We see that we can achieve lower losses, but we are still not faster than Classical NMF.

1.2 | High data rank, low $r$

trials, fixed, variable = full_settings(nn=True, use_NMF=True, 
                                        subiters=[1,5,10], k=[1,10],
                                        iters=20, m=100, n=100, l=0, n_trials=10,
                                        data_rank=100, r=10) # <<<<<

100%|██████████| 10/10 [00:02<00:00,  4.23it/s]

make_loss_plot(trials, fixed, variable)

100%|██████████| 6/6 [00:00<?, ?it/s]

<Figure size 3000x2400 with 0 Axes>

newfig = make_scatterplot(trials, fixed, variable)

100%|██████████| 6/6 [00:00<00:00, 80.32it/s]

In this case, Low-rank NMF with $k=1$ and 1 subiteration both takes less time and has substantially lower loss.

1.3 | Low data rank, high $r$

trials, fixed, variable = full_settings(nn=True, use_NMF=True, 
                                        subiters=[1,5,10], k=[1,10],
                                        iters=20, m=100, n=100, l=0, n_trials=10,
                                        data_rank=10, r=100) # <<<<<

100%|██████████| 10/10 [00:07<00:00,  1.38it/s]

make_loss_plot(trials, fixed, variable)

100%|██████████| 6/6 [00:00<?, ?it/s]

<Figure size 3000x2400 with 0 Axes>

newfig = make_scatterplot(trials, fixed, variable)

100%|██████████| 6/6 [00:00<00:00, 407.27it/s]

In this case, while we can achieve marginally faster convergence, Classical NMF has substantially lower loss.

1.4 | Low data rank, low $r$

trials, fixed, variable = full_settings(nn=True, use_NMF=True, 
                                        subiters=[1,5,10], k=[1,10],
                                        iters=20, m=100, n=100, l=0, n_trials=10,
                                        data_rank=10, r=10) # <<<<<

100%|██████████| 10/10 [00:02<00:00,  4.52it/s]

make_loss_plot(trials, fixed, variable)

100%|██████████| 6/6 [00:00<00:00, 937.31it/s]

<Figure size 3000x2400 with 0 Axes>

newfig = make_scatterplot(trials, fixed, variable)

100%|██████████| 6/6 [00:00<00:00, 999.12it/s]

In this case, we have a trade-off: more subiterations yield lower losses at the cost of higher time.
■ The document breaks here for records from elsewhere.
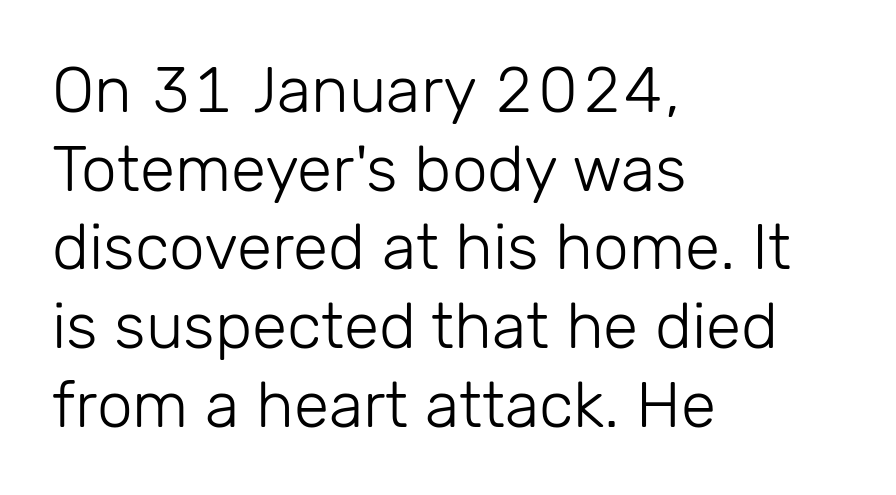
Q: Is the text bold? A: No.
Q: Is the text italic (slanted)? A: No, it is upright.
Q: Is the typeface a serif or a sans-serif typeface? A: Sans-serif.
Q: Is the text underlined? A: No.
Q: How is the paragraph aligned? A: Left-aligned.
Q: Is the spacing between letters normal or unusually wide? A: Normal.
Q: Width (condensed, normal, or wide)? A: Normal.
Q: Stroke contrast? A: Low.
Q: x-height? A: Medium.
Q: Monospaced? A: No.

Increasing the rank of the updates does not seem useful.

2 | Gradient Descent vs. ALS

These are first attempts at implementing ALS updates in Python, matching Kamrun's MATLAB implementation. We have initial results as below, but there are still some problems: we are running into non-convergence issues (Intel mKL ERROR: Parameter 4 was incorrect on entry to DLASCL.) when trying to run with certain parameter settings. This may be a simple error in the code, or it may have to do with differences with the MATLAB / and \ operators and NumPy's linalg.lstsq solver. I am less familiar with the former, so I will need to look into this.

trials, fixed, variable = full_settings(nn=True, use_NMF=True, 
                                        subiters=[1,10], k=[1,10],
                                        iters=20, m=100, n=100, l=0, n_trials=10,
                                        data_rank=50, r=10,
                                       kind = ['gd', 'als']) # <<<<<

100%|██████████| 10/10 [00:08<00:00,  1.22it/s]

make_loss_plot(trials, fixed, variable)

100%|██████████| 8/8 [00:00<00:00, 529.48it/s]

<Figure size 3000x2400 with 0 Axes>

newfig = make_scatterplot(trials, fixed, variable)

100%|██████████| 8/8 [00:00<00:00, 691.83it/s]

make_interpolated_timing_plot(trials, fixed, variable)

100%|██████████| 8/8 [00:00<00:00, 484.78it/s]

<Figure size 3000x2400 with 0 Axes>

Overall, though, it seems like ALS updates may be promising for lower loss values, but it seems that they are much more expensive in time. Again, this may be able to be helped with more efficient implementations.